TASK DESCRIPTION: Would you please retype, exactly, the lines of the listing below between the line with "STEP (ISO 10303-21)" and the line with "FILE_SCHEMA (( 'AUTOMOTIVE_DESIGN' ));", inclusive?

GIVEN INFORMATION:
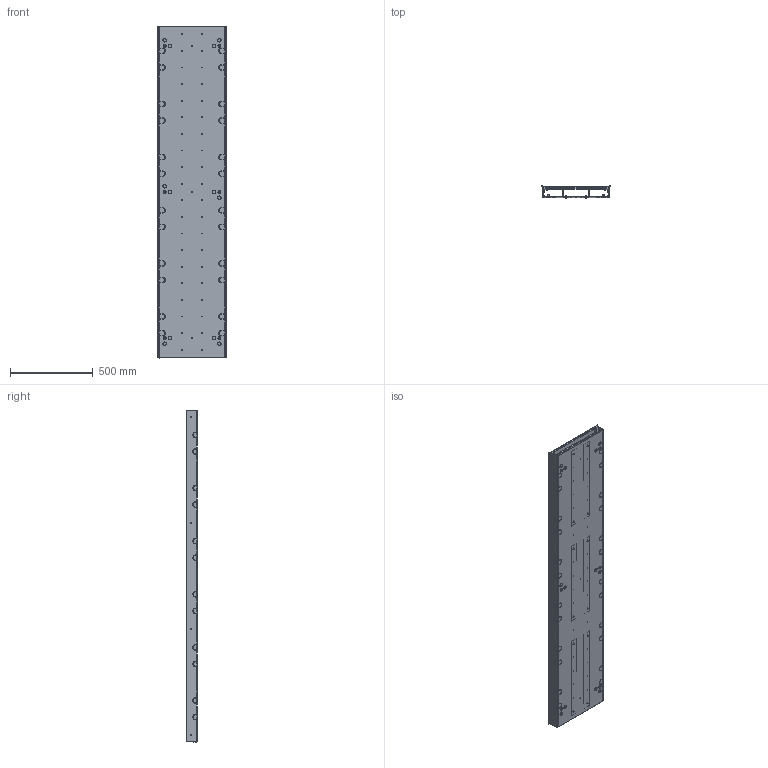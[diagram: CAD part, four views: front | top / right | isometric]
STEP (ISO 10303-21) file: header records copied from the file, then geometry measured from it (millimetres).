
FILE_DESCRIPTION (( 'STEP AP214' ), '1' );
FILE_NAME ('7403605.STP', '2020-12-09T12:48:14', ( '' ), ( '' ), 'SwSTEP 2.0', 'SolidWorks 2020', '' );
FILE_SCHEMA (( 'AUTOMOTIVE_DESIGN' ));
Length unit declared in the file: millimetre
Products named in the file (19): 143174_Standard; 35104384_Standard; 143171_Standard; P_30700584_20_Standard; 35104330_Standard; 022779_Standard; P_35100063_1_Standard; 143173_Standard; P_39409373_1_Standard; 143172_Standard; 7403605; 110351_L = 2000 mm; 35011908_Standard; 063224_Standard; 063260_Standard; 143152_Standard
Assembly tree (69 placements, depth 3):
  7403605
    143172_Standard
      143171_Standard
      P_39409373_1_Standard  x8
    P_35100063_1_Standard  x6
    063224_Standard  x2
    022779_Standard  x2
    35011908_Standard  x8
    063260_Standard  x6
    143174_Standard
      143173_Standard
      P_30700584_20_Standard
    143174_Standard
      143173_Standard
      P_30700584_20_Standard
    143152_Standard
    35104330_Standard  x8
    143174_Standard
      143173_Standard
      P_30700584_20_Standard
    143174_Standard
      143173_Standard
      P_30700584_20_Standard
    35104384_Standard  x12
    110351_L = 2000 mm  x2
Bounding box: 420 x 69.1 x 2000 mm (x, y, z)
Volume: 5336428.4 mm3; surface area: 5777050.6 mm2
Topology: 64 solids, 64 shells, 2108 faces, 5338 edges, 3352 vertices
Faces by surface type: plane 1310, cylinder 654, torus 72, cone 48, sphere 24
Entity records: 38456 total; most frequent: CARTESIAN_POINT 6534, DIRECTION 6444, ORIENTED_EDGE 6428, EDGE_CURVE 3214, LINE 2302, VECTOR 2302, VERTEX_POINT 2109, AXIS2_PLACEMENT_3D 2071

WRITTEN ANSWER:
STEP (ISO 10303-21) file: header records copied from the file, then geometry measured from it (millimetres).
FILE_DESCRIPTION (( 'STEP AP214' ), '1' );
FILE_NAME ('7403605.STP', '2020-12-09T12:48:14', ( '' ), ( '' ), 'SwSTEP 2.0', 'SolidWorks 2020', '' );
FILE_SCHEMA (( 'AUTOMOTIVE_DESIGN' ));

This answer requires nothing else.